Cuando sus labios tocaron los de ella, no fue una pregunta. Fue una respuesta a cada rumor, a cada amenaza, a cada momento de silencio entre ellos. Fue un beso posesivo. Sabía a whisky y a humo, y a una necesidad desesperada y devoradora.
Vesper jadeó, y él aprovechó para profundizar el beso. Su lengua se adentró en su boca, reclamándola como suya. El agarre de su mano bajo la mesa se tensó hasta el punto de doler, pero era un dolor agradable. Era un ancla.
𝗖𝗼𝘮𝘶n𝗶𝘥а𝖽 𝘢𝘤𝗍iv𝖺 𝖾𝗻 n𝘰𝘷𝖾𝗹𝗮ѕ4faո.c𝗼𝘮
El mundo se redujo a esto. El calor de su boca. La fuerza de su agarre. Su aroma llenándole los pulmones. No era su primer beso, pero se sintió como si se sellara un pacto. Una declaración pública de guerra contra cualquiera que intentara separarlos.
Harper silbó con admiración. «¡Vale! ¡Ya veo cómo va esto! ¡Buscaos una habitación, vosotros dos!».
Vesper se apartó, sin aliento. Tenía los labios hinchados y le hormigueaban. Le ardía la cara.
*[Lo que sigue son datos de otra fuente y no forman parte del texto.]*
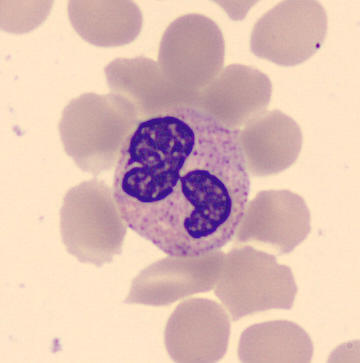
Identified as a segmented neutrophil.
Preparation: Peripheral blood smear; 360×363.
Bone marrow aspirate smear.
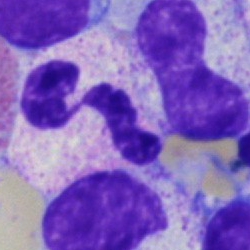
The classification is segmented neutrophil.
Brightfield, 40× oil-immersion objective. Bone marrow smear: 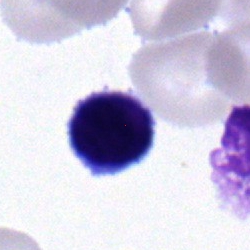
Single cell identified as a lymphocyte.
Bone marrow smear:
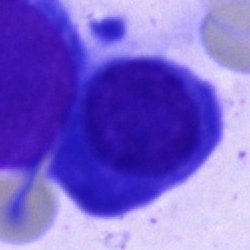

Single cell identified as a plasmacyte.
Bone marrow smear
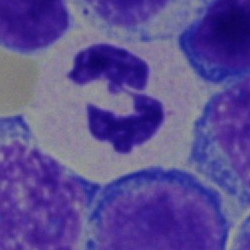

Q: What is the morphological classification of this cell?
A: It is a polymorphonuclear neutrophil.
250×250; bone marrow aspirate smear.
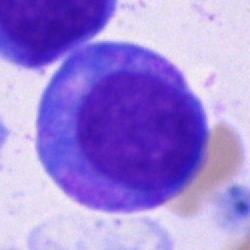

The cell is promyelocyte.
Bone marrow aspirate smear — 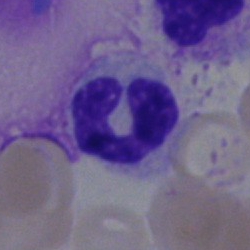 {"cell_type": "segmented neutrophil", "lineage": "myeloid"}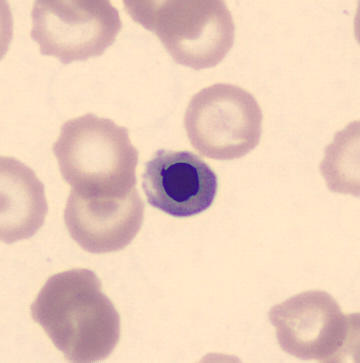

Specimen: peripheral blood film.
Cell: erythroblast.
Lineage: erythroid. Single-cell field.
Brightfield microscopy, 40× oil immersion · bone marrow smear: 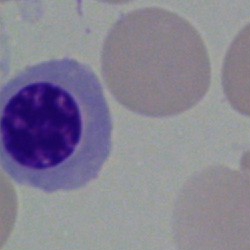 The cell type is normoblast.
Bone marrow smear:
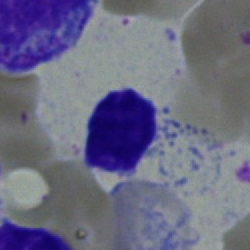
Classification: typical lymphocyte.
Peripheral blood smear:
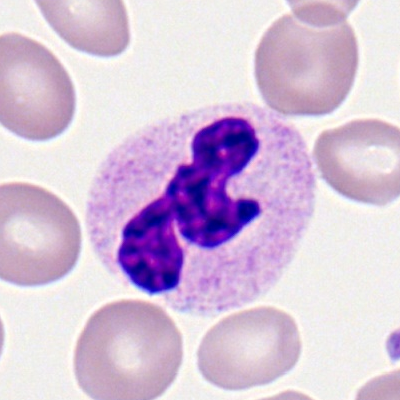
Specimen: peripheral blood smear.
Classification: segmented neutrophil.
Lineage: myeloid.
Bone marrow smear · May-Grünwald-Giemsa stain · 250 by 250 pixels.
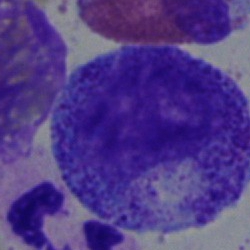

Progranulocyte.
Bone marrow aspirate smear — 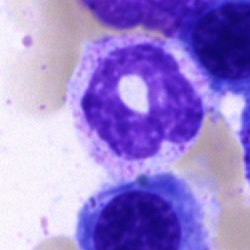 Specimen: bone marrow aspirate smear.
Morphological class: polymorphonuclear neutrophil.
Lineage: myeloid.
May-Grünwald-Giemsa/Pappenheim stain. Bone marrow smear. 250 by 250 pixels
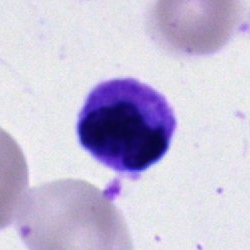

Morphological class — segmented neutrophil.
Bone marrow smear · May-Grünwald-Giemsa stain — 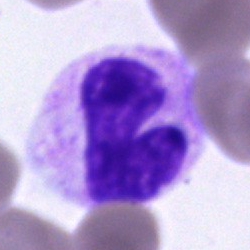 Single cell identified as a neutrophil (band).
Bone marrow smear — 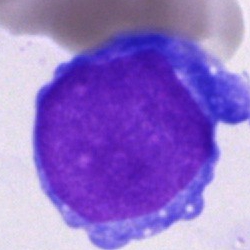The morphological class is blast.

Miró a Damon. Tenía los ojos muy abiertos, con las pupilas tragándose los iris. Se quedaba mirando su boca como si quisiera devorarla entera. Se lamió el labio inferior, persiguiendo inconscientemente su sabor.
—Yo… necesito ir al baño —balbuceó, con la voz temblorosa. Cogió su bolso y salió a toda prisa de la mesa, con las piernas temblorosas.
Corrió al baño, agarrándose al borde del lavabo. Se echó agua fría en la cara, fijándose en su reflejo. Tenía los ojos desorbitados. Los labios, rojos y mordidos.
Me besó. Delante de Harper. Delante de todo el mundo.
De vuelta en la mesa, Damon se sirvió otra copa. Ahora tenía la mano firme. La sobrecarga sensorial había desaparecido, sustituida por una concentración absoluta.
—Sabes que se va a volver loca —dijo Harper, inclinándose hacia él, ahora con tono serio—. Pero tú le vienes bien, Damon. No la destroces.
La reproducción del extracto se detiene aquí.